PROBLEM: Repeat, word for word, all the data that follows, and exclude the pictures.
[Opening DATA PROVIDED section]
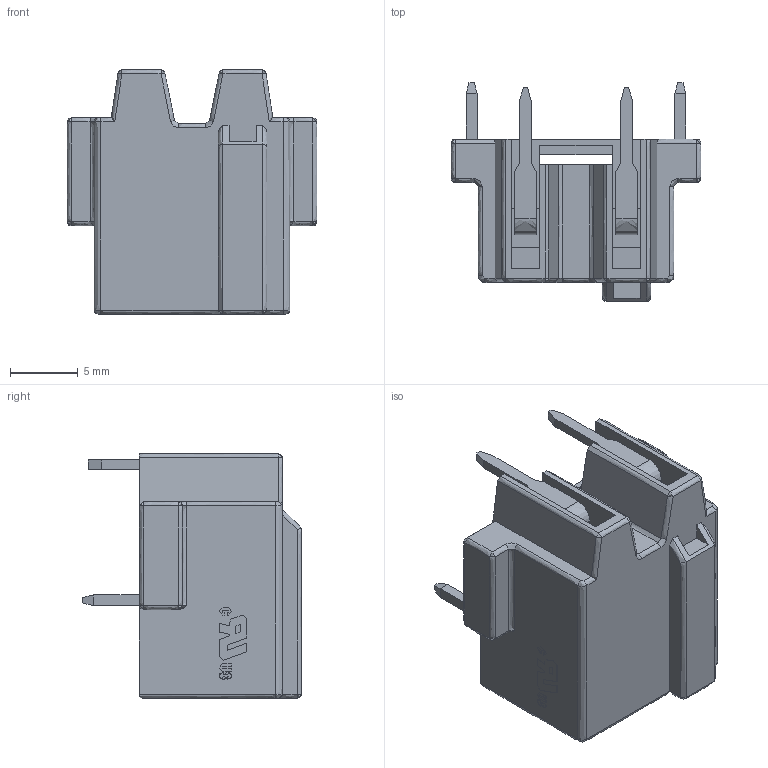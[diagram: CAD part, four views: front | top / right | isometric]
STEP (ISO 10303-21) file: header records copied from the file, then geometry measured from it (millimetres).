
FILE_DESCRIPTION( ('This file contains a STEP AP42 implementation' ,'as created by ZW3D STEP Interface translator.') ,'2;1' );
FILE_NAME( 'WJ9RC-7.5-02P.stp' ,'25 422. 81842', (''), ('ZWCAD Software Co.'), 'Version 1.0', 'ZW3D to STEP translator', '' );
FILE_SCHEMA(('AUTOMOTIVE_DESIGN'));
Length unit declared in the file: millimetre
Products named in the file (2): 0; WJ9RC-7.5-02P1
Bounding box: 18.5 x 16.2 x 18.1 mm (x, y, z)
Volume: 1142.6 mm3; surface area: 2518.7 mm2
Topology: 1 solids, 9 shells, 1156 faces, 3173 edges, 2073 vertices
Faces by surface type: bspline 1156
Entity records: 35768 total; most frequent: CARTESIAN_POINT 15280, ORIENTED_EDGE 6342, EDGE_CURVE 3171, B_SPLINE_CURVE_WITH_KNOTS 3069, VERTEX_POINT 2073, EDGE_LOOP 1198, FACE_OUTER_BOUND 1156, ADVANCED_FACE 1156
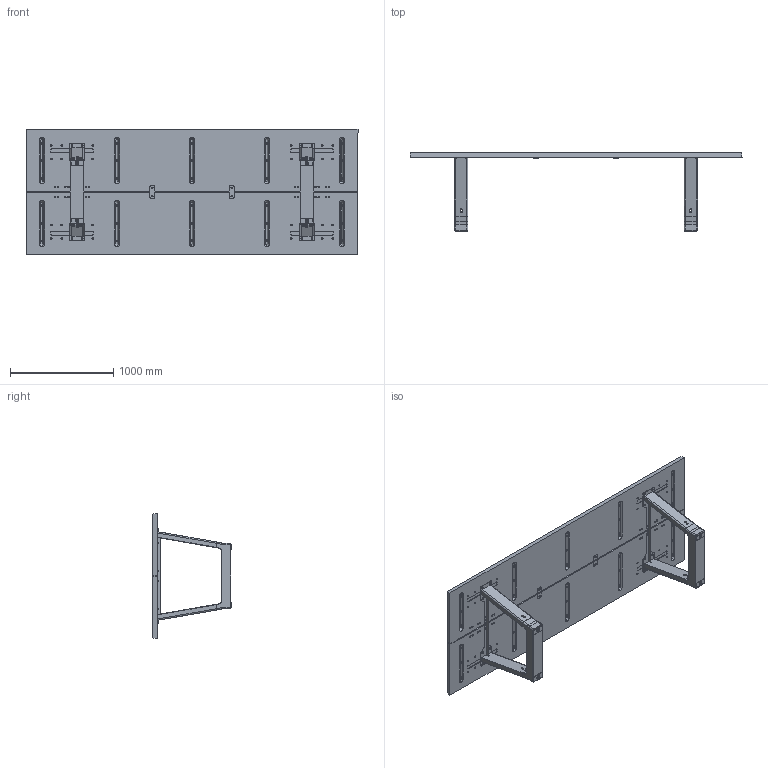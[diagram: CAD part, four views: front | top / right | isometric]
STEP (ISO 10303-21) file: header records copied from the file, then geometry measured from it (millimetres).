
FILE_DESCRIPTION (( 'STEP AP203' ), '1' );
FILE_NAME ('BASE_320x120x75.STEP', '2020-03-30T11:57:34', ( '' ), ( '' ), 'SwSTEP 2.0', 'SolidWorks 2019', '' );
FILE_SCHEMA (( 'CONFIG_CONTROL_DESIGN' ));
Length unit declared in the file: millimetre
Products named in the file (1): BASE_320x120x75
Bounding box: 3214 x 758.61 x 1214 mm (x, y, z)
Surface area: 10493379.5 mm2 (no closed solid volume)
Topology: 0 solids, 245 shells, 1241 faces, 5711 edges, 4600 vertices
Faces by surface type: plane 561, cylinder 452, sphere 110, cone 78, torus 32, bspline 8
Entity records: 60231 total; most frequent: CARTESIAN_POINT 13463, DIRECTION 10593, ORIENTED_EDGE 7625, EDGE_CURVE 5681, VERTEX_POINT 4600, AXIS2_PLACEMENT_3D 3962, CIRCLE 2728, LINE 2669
[Closing DATA PROVIDED section]
OUTPUT OF THE EXERCISE:
[diagram: CAD part, four views: front | top / right | isometric]
STEP (ISO 10303-21) file: header records copied from the file, then geometry measured from it (millimetres).
FILE_DESCRIPTION( ('This file contains a STEP AP42 implementation' ,'as created by ZW3D STEP Interface translator.') ,'2;1' );
FILE_NAME( 'WJ9RC-7.5-02P.stp' ,'25 422. 81842', (''), ('ZWCAD Software Co.'), 'Version 1.0', 'ZW3D to STEP translator', '' );
FILE_SCHEMA(('AUTOMOTIVE_DESIGN'));
Length unit declared in the file: millimetre
Products named in the file (2): 0; WJ9RC-7.5-02P1
Bounding box: 18.5 x 16.2 x 18.1 mm (x, y, z)
Volume: 1142.6 mm3; surface area: 2518.7 mm2
Topology: 1 solids, 9 shells, 1156 faces, 3173 edges, 2073 vertices
Faces by surface type: bspline 1156
Entity records: 35768 total; most frequent: CARTESIAN_POINT 15280, ORIENTED_EDGE 6342, EDGE_CURVE 3171, B_SPLINE_CURVE_WITH_KNOTS 3069, VERTEX_POINT 2073, EDGE_LOOP 1198, FACE_OUTER_BOUND 1156, ADVANCED_FACE 1156
[diagram: CAD part, four views: front | top / right | isometric]
STEP (ISO 10303-21) file: header records copied from the file, then geometry measured from it (millimetres).
FILE_DESCRIPTION (( 'STEP AP203' ), '1' );
FILE_NAME ('BASE_320x120x75.STEP', '2020-03-30T11:57:34', ( '' ), ( '' ), 'SwSTEP 2.0', 'SolidWorks 2019', '' );
FILE_SCHEMA (( 'CONFIG_CONTROL_DESIGN' ));
Length unit declared in the file: millimetre
Products named in the file (1): BASE_320x120x75
Bounding box: 3214 x 758.61 x 1214 mm (x, y, z)
Surface area: 10493379.5 mm2 (no closed solid volume)
Topology: 0 solids, 245 shells, 1241 faces, 5711 edges, 4600 vertices
Faces by surface type: plane 561, cylinder 452, sphere 110, cone 78, torus 32, bspline 8
Entity records: 60231 total; most frequent: CARTESIAN_POINT 13463, DIRECTION 10593, ORIENTED_EDGE 7625, EDGE_CURVE 5681, VERTEX_POINT 4600, AXIS2_PLACEMENT_3D 3962, CIRCLE 2728, LINE 2669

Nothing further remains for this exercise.